## [BRIEF]
Calculate how many lines in the following records hold the word "retinopathy", and report that number without comment.

## [DATA IN THIS EXERCISE]
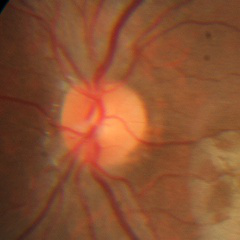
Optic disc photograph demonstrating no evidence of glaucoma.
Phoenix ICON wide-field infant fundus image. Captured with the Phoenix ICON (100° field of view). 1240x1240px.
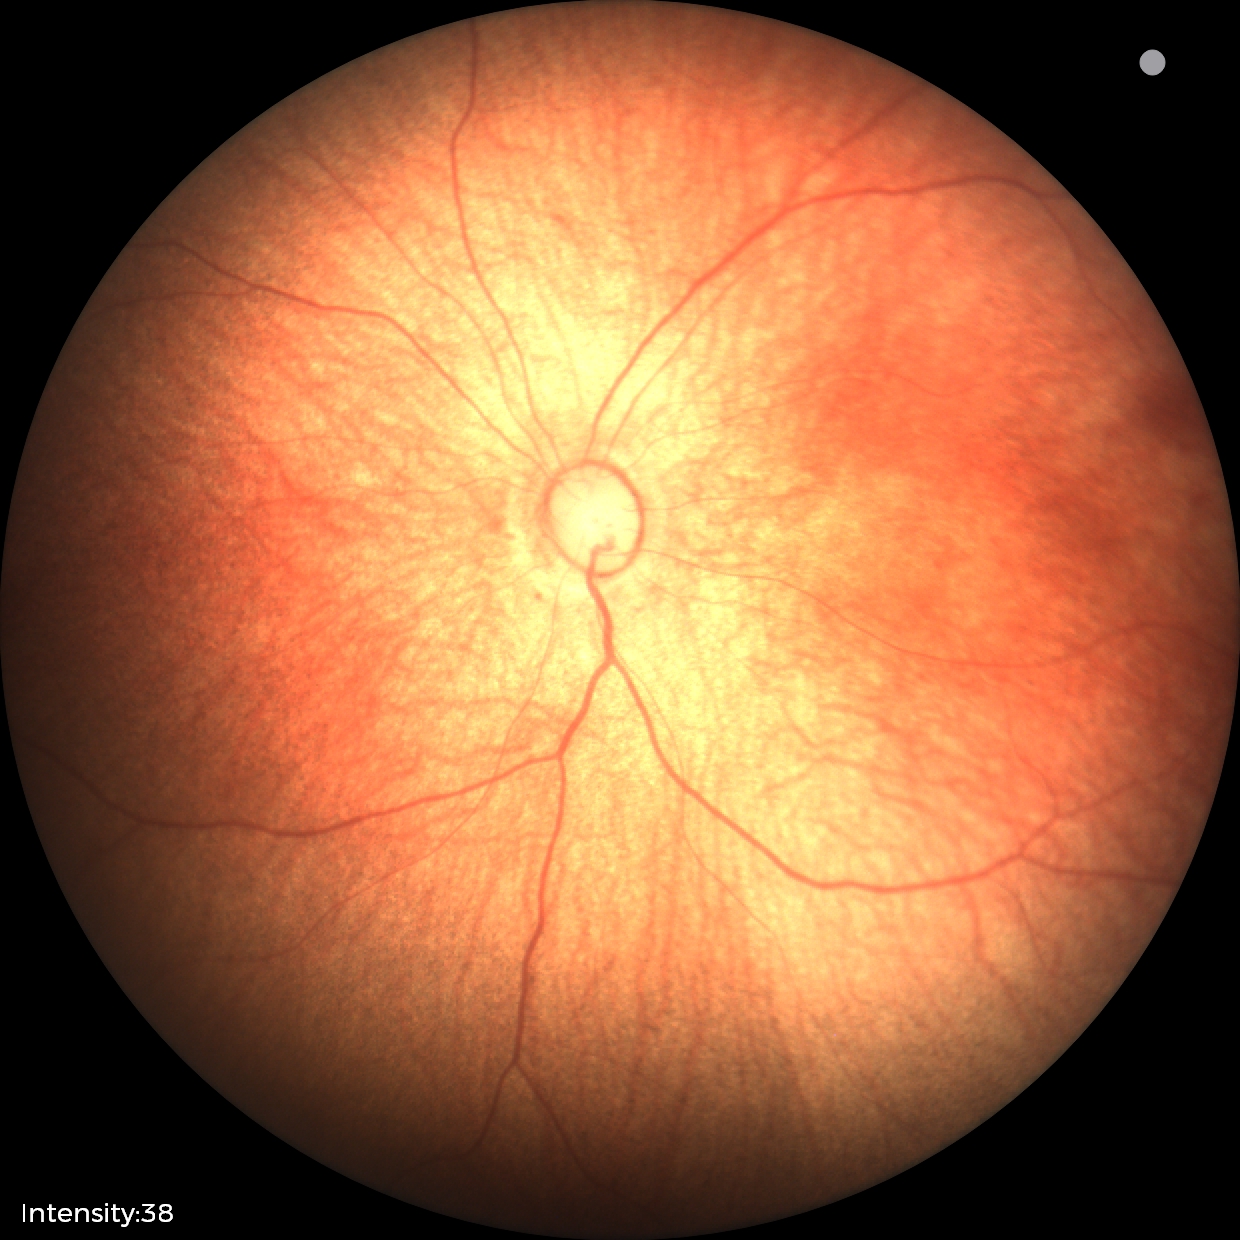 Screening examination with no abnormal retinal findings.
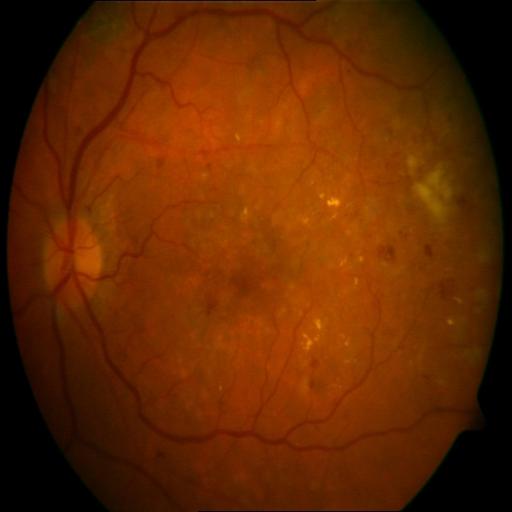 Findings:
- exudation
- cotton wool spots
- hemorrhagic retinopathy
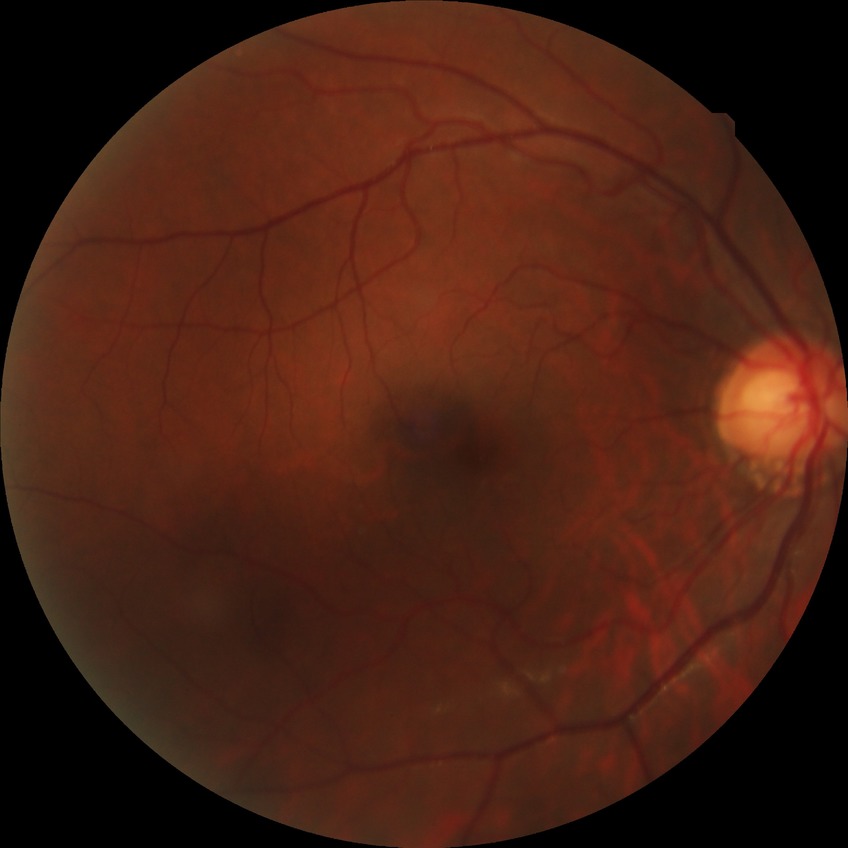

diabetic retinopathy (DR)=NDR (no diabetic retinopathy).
...
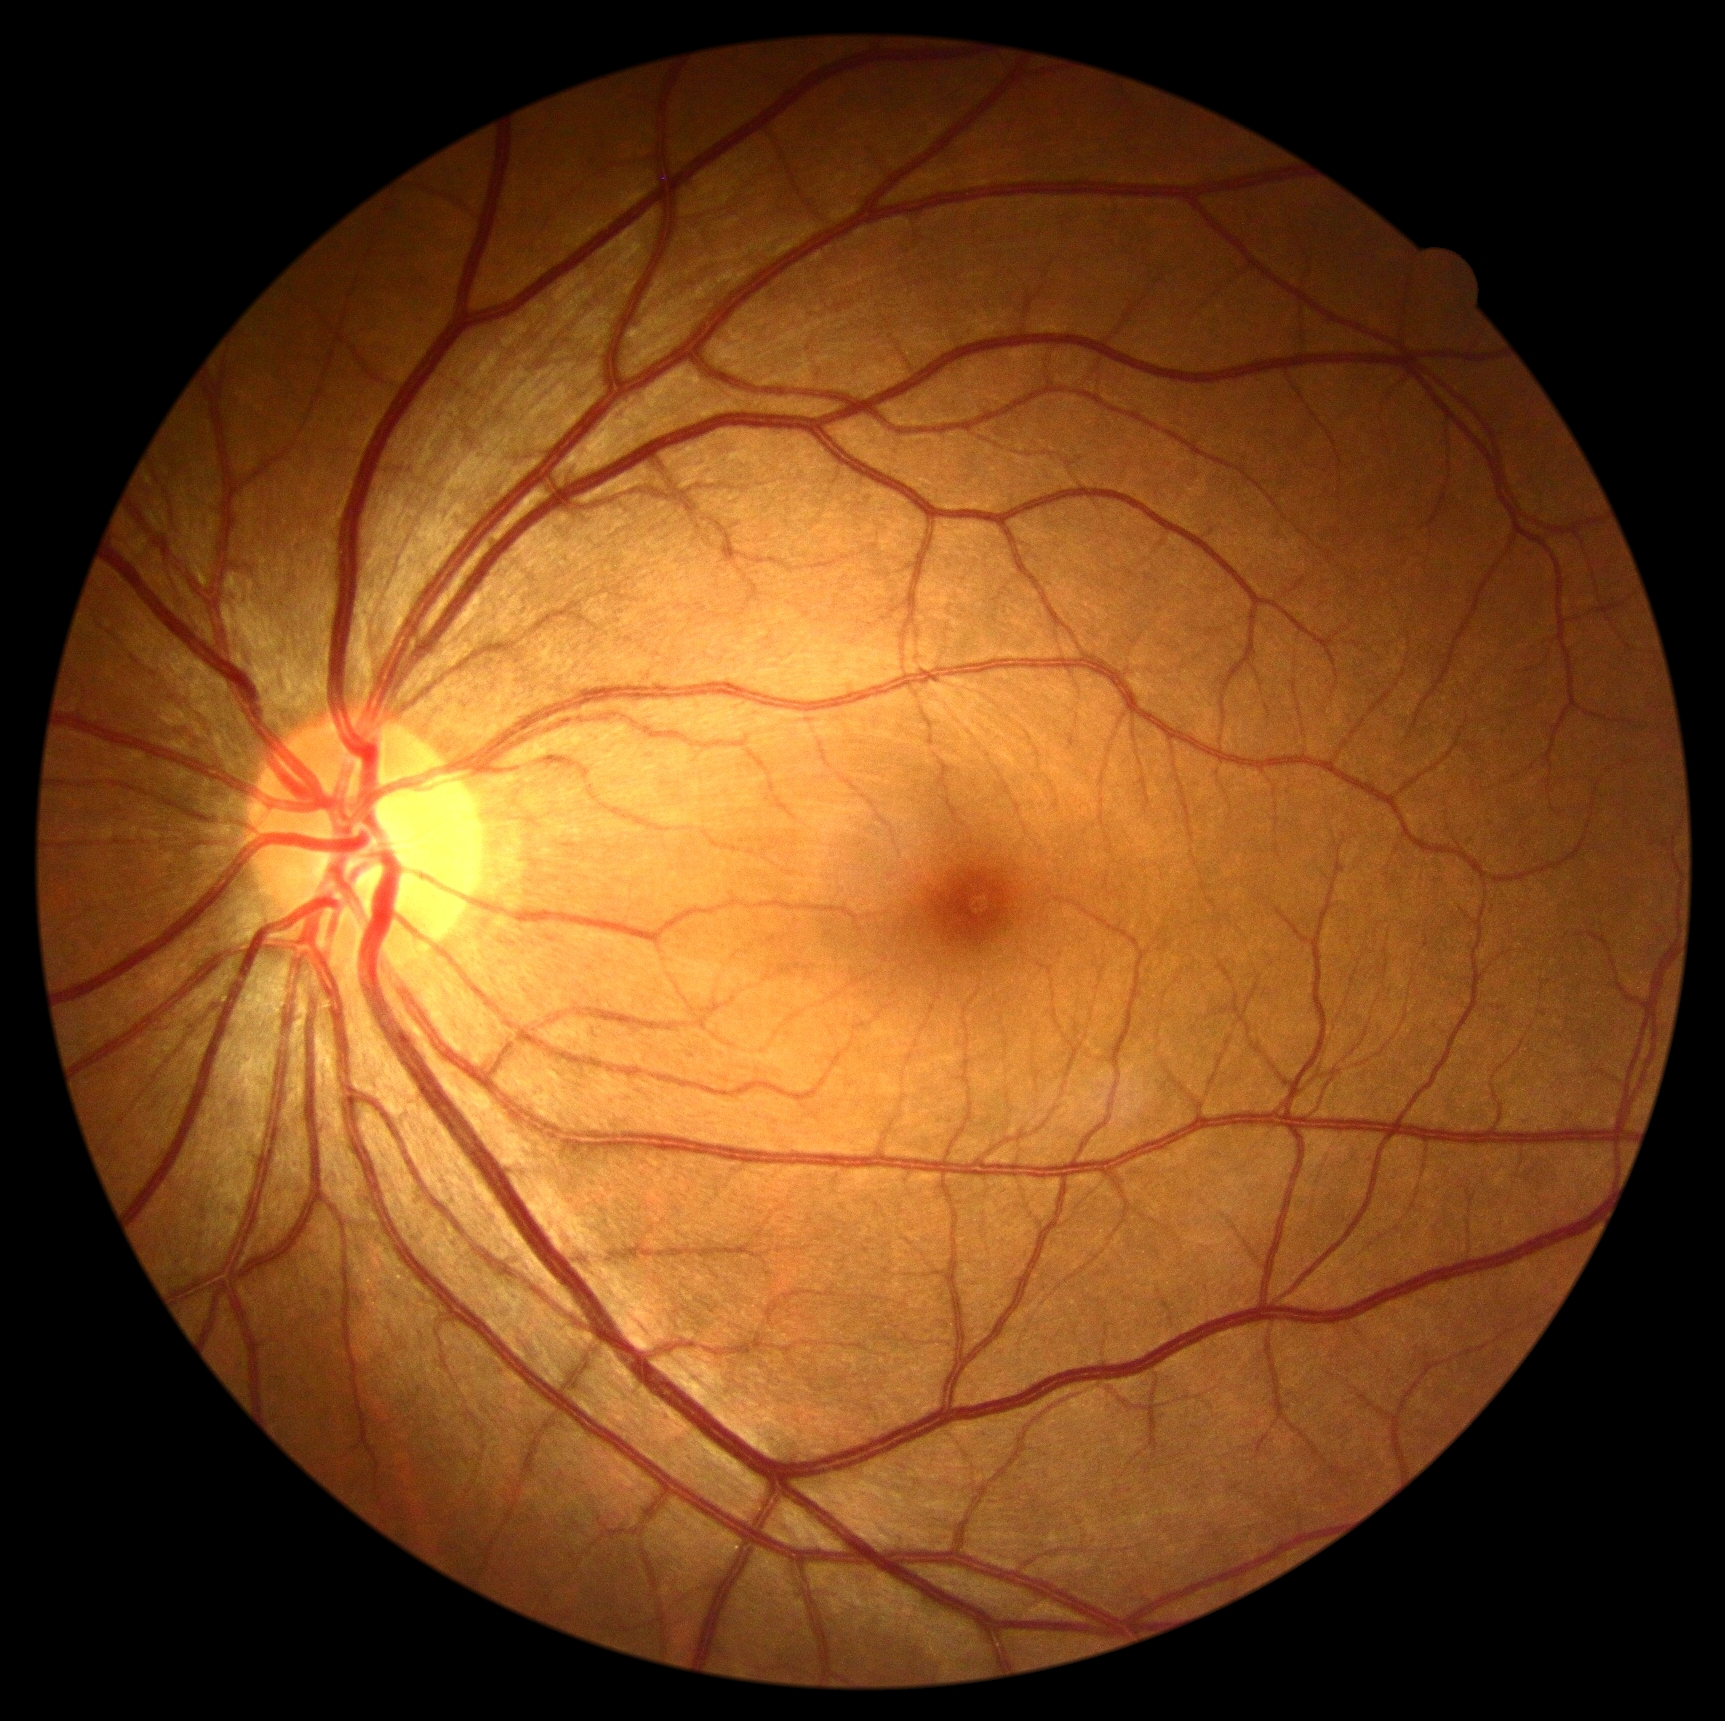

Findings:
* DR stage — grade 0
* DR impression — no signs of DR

## [REPLY]
2